Reform der Schuldenbremse oder Sondervermögen? Diese Vorschläge gibt es für mehr Investitionen

Die Stärken der deutschen Wirtschaft bleiben Innovationskraft, die Logistikinfrastruktur und gut ausgebildete Arbeitskräfte, heißt es in einer Analyse zur deutschen Wettbewerbsfähigkeit von KfW Research. Die Schwächen sind hingegen die demografische Alterung, niedrige öffentliche Investitionen und hohe Unternehmenssteuern. „Insgesamt besteht ein hoher Handlungsdruck, um die Wettbewerbsfähigkeit unseres Standorts zu sichern“, mahnte auch KfW-Chefvolkswirtin Dr. Fritzi Köhler-Geib. Wirtschaftsminister Habeck hält ein „wuchtiges Entlastungsprogramm“ und eine Reform der Schuldenbremse für die Lösung.

Mehr Flexibilität würde es erlauben, mehr zu tun für die Bauwirtschaft und für mehr Investitionen der Firmen, so der Minister.

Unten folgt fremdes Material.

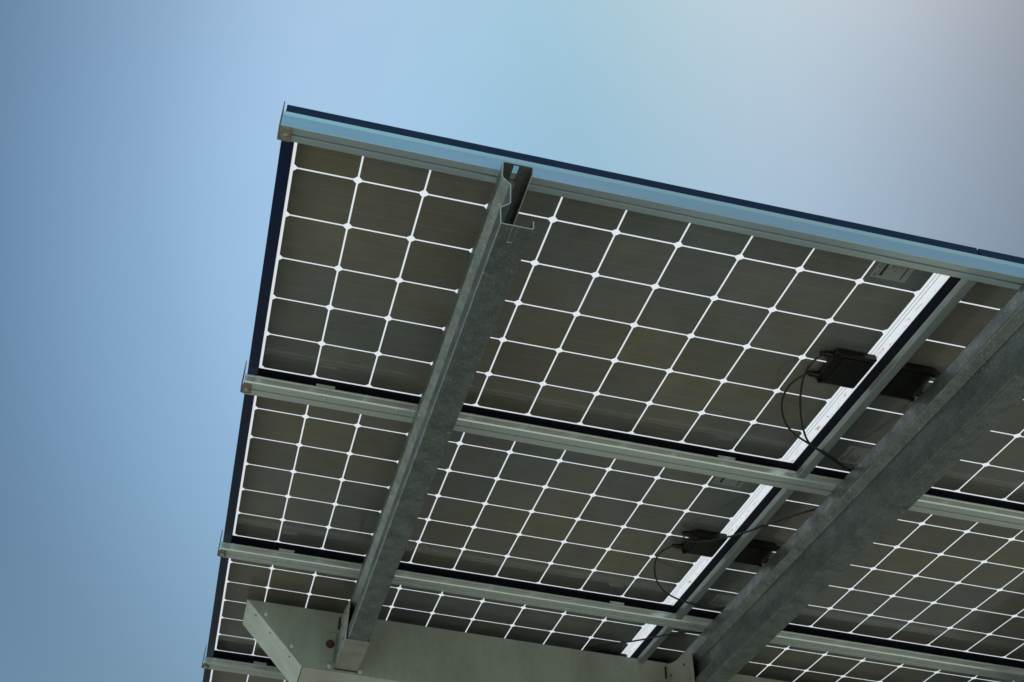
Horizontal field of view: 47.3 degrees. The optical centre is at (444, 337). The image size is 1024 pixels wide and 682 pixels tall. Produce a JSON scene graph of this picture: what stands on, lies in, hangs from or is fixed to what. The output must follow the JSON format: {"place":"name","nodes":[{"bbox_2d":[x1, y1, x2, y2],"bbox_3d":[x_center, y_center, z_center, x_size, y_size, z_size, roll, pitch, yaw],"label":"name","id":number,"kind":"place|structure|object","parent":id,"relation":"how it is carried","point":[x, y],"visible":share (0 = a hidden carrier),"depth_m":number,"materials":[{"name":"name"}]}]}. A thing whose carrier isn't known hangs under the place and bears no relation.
{"place":"outdoors","nodes":[
{"label":"outdoors","id":0,"kind":"place"},
{"bbox_2d":[0,0,1023,681],"label":"sky","id":1,"kind":"structure","parent":0,"point":[140,146],"materials":[{"name":"blue"}]},
{"label":"ground","id":2,"kind":"structure","parent":0,"visible":0},
{"bbox_3d":[1.178,2.893,3.533,0.400,3.320,0.400,11,-40,-7],"label":"support column","id":3,"kind":"object","parent":2,"relation":"on","visible":0},
{"bbox_2d":[243,599,786,681],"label":"steel beam","id":4,"kind":"structure","parent":3,"relation":"on","point":[298,644],"depth_m":4.40,"materials":[{"name":"grey metal"}]},
{"bbox_2d":[346,161,533,641],"bbox_3d":[-0.279,0.930,4.080,0.076,0.195,4.070,11,-40,-7],"label":"steel purlin","id":5,"kind":"object","parent":4,"relation":"attached to","point":[494,260],"visible":1,"depth_m":2.97,"materials":[{"name":"grey metal"}]},
{"bbox_2d":[201,646,287,680],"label":"cross rail","id":6,"kind":"object","parent":5,"relation":"on","point":[260,669],"visible":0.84,"depth_m":4.84,"materials":[{"name":"metal"}]},
{"bbox_2d":[203,669,288,681],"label":"solar panel","id":7,"kind":"object","parent":6,"relation":"on","point":[209,675],"visible":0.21,"depth_m":5.07,"materials":[{"name":"black glass"}]},
{"bbox_2d":[217,529,1023,681],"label":"cross rail","id":8,"kind":"object","parent":5,"relation":"on","point":[292,559],"visible":0.94,"depth_m":4.23,"materials":[{"name":"metal"}]},
{"bbox_2d":[206,557,663,666],"bbox_3d":[-0.073,1.172,4.588,1.669,0.044,0.997,11,-40,-7],"label":"solar panel","id":9,"kind":"object","parent":8,"relation":"on","point":[239,583],"visible":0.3,"depth_m":4.47,"materials":[{"name":"black glass"}]},
{"bbox_2d":[583,631,701,650],"bbox_3d":[0.751,1.158,4.460,0.523,0.060,0.125,-25,-47,31],"label":"cable","id":10,"kind":"object","parent":9,"relation":"attached to","point":[641,639],"visible":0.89,"depth_m":4.40,"materials":[{"name":"rubber"}]},
{"bbox_2d":[638,626,673,662],"bbox_3d":[0.806,1.164,4.443,0.025,0.021,0.342,11,-40,-7],"label":"cover bar","id":11,"kind":"object","parent":9,"relation":"attached to","point":[649,650],"visible":0.88,"depth_m":4.45,"materials":[{"name":"grey metal"}]},
{"bbox_2d":[647,628,1015,681],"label":"solar panel","id":12,"kind":"object","parent":8,"relation":"on","point":[781,662],"visible":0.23,"depth_m":4.63,"materials":[{"name":"black glass"}]},
{"bbox_2d":[240,361,1023,529],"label":"cross rail","id":13,"kind":"object","parent":5,"relation":"on","point":[324,396],"visible":0.86,"depth_m":3.43,"materials":[{"name":"metal"}]},
{"bbox_2d":[223,394,781,612],"bbox_3d":[0.142,0.564,3.825,1.669,0.044,0.997,11,-40,-7],"label":"solar panel","id":14,"kind":"object","parent":13,"relation":"on","point":[310,480],"visible":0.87,"depth_m":3.85,"materials":[{"name":"black glass"}]},
{"bbox_2d":[654,544,765,609],"bbox_3d":[0.892,0.847,4.067,0.402,0.059,0.328,11,-40,-7],"label":"cable","id":15,"kind":"object","parent":14,"relation":"attached to","point":[658,554],"visible":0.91,"depth_m":4.10,"materials":[{"name":"rubber"}]},
{"bbox_2d":[675,488,794,619],"bbox_3d":[0.957,0.737,3.907,0.025,0.021,0.938,11,-40,-7],"label":"cover bar","id":16,"kind":"object","parent":14,"relation":"attached to","point":[745,539],"visible":0.87,"depth_m":3.86,"materials":[{"name":"grey metal"}]},
{"bbox_2d":[683,508,815,541],"bbox_3d":[1.068,0.577,3.719,0.664,0.059,0.054,-19,-45,26],"label":"cable","id":17,"kind":"object","parent":14,"relation":"attached to","point":[767,524],"visible":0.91,"depth_m":3.73,"materials":[{"name":"rubber"}]},
{"bbox_2d":[247,104,978,470],"bbox_3d":[0.356,-0.045,3.061,1.669,0.044,0.997,11,-40,-7],"label":"solar panel","id":18,"kind":"object","parent":13,"relation":"on","point":[651,330],"visible":0.81,"depth_m":3.05,"materials":[{"name":"black glass"}]},
{"bbox_2d":[799,355,851,471],"bbox_3d":[1.143,0.300,3.374,0.154,0.059,0.765,-18,-44,25],"label":"cable","id":19,"kind":"object","parent":18,"relation":"attached to","point":[800,407],"visible":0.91,"depth_m":3.25,"materials":[{"name":"rubber"}]},
{"bbox_2d":[781,371,917,469],"bbox_3d":[1.106,0.249,3.316,0.404,0.059,0.360,11,-40,-7],"label":"cable","id":20,"kind":"object","parent":18,"relation":"attached to","point":[784,420],"visible":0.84,"depth_m":3.30,"materials":[{"name":"rubber"}]},
{"bbox_2d":[797,279,975,477],"bbox_3d":[1.169,0.134,3.150,0.025,0.021,0.920,11,-40,-7],"label":"cover bar","id":21,"kind":"object","parent":18,"relation":"attached to","point":[932,322],"visible":0.86,"depth_m":3.09,"materials":[{"name":"grey metal"}]},
{"bbox_2d":[686,490,1023,668],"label":"solar panel","id":22,"kind":"object","parent":13,"relation":"on","point":[915,581],"visible":0.56,"depth_m":4.11,"materials":[{"name":"black glass"}]},
{"bbox_2d":[810,249,1023,511],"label":"solar panel","id":23,"kind":"object","parent":13,"relation":"on","point":[988,469],"visible":0.39,"depth_m":3.36,"materials":[{"name":"black glass"}]},
{"bbox_2d":[277,101,1023,289],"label":"front rail","id":24,"kind":"object","parent":5,"relation":"on","point":[405,150],"visible":1,"depth_m":2.67,"materials":[{"name":"metal"}]},
{"bbox_2d":[677,284,1023,681],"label":"steel purlin","id":25,"kind":"object","parent":4,"relation":"attached to","point":[967,400],"visible":1,"depth_m":3.29,"materials":[{"name":"grey metal"}]}
]}

Eine politische Mehrheit für seine Vorschläge gibt es derzeit nicht, das räumt Habeck selbst ein. Widerstand kommt insbesondere aus der FDP. Ein Vorschlag von Wirtschaftsforschern könnte beides unter einen Hut bringen: Michael Hüther vom arbeitgebernahen Institut der Deutschen Wirtschaft und Sebastian Dullien vom gewerkschaftsnahen Instituts für Makroökonomie und Konjunkturforschung (IMK) schlugen unlängst ein 600-Milliarden-Sondervermögen für Investitionen vor.